++++ Exercise inputs ++++

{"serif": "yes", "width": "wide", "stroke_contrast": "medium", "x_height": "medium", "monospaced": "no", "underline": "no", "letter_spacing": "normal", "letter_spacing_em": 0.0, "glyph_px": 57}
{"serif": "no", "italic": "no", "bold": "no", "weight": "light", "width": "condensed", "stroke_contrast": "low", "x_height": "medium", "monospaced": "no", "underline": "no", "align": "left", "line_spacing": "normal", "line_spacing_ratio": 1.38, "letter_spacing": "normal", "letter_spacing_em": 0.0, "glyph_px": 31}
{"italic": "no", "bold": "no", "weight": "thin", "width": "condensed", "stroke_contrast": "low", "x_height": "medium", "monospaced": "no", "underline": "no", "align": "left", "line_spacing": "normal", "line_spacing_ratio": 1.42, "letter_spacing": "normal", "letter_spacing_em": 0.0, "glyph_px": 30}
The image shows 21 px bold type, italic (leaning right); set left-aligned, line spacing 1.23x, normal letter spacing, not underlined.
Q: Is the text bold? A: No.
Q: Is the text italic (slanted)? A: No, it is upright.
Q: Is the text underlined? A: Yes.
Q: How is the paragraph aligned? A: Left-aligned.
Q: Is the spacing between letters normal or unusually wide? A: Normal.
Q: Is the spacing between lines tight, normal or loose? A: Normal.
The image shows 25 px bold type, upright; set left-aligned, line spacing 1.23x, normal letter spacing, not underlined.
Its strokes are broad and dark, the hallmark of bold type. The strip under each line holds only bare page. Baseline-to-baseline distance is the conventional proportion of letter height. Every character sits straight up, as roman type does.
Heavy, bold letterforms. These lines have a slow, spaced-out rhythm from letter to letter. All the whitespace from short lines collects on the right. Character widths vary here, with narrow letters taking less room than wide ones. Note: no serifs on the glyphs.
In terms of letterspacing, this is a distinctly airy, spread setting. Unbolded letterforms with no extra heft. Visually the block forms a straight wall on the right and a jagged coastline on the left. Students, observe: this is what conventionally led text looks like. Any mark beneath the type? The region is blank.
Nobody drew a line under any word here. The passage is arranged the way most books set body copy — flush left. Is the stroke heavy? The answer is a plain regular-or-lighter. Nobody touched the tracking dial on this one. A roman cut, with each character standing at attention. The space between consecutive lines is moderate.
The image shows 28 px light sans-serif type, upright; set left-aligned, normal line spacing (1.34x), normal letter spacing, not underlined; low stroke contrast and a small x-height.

++++

* _Assigned task_: Wherever "between" turns up in the records, copy the whole line.

* _Solution for this exercise_:
Q: Is the spacing between letters normal or unusually wide? A: Normal.
Q: Is the spacing between lines tight, normal or loose? A: Normal.
Nobody drew a line under any word here. The passage is arranged the way most books set body copy — flush left. Is the stroke heavy? The answer is a plain regular-or-lighter. Nobody touched the tracking dial on this one. A roman cut, with each character standing at attention. The space between consecutive lines is moderate.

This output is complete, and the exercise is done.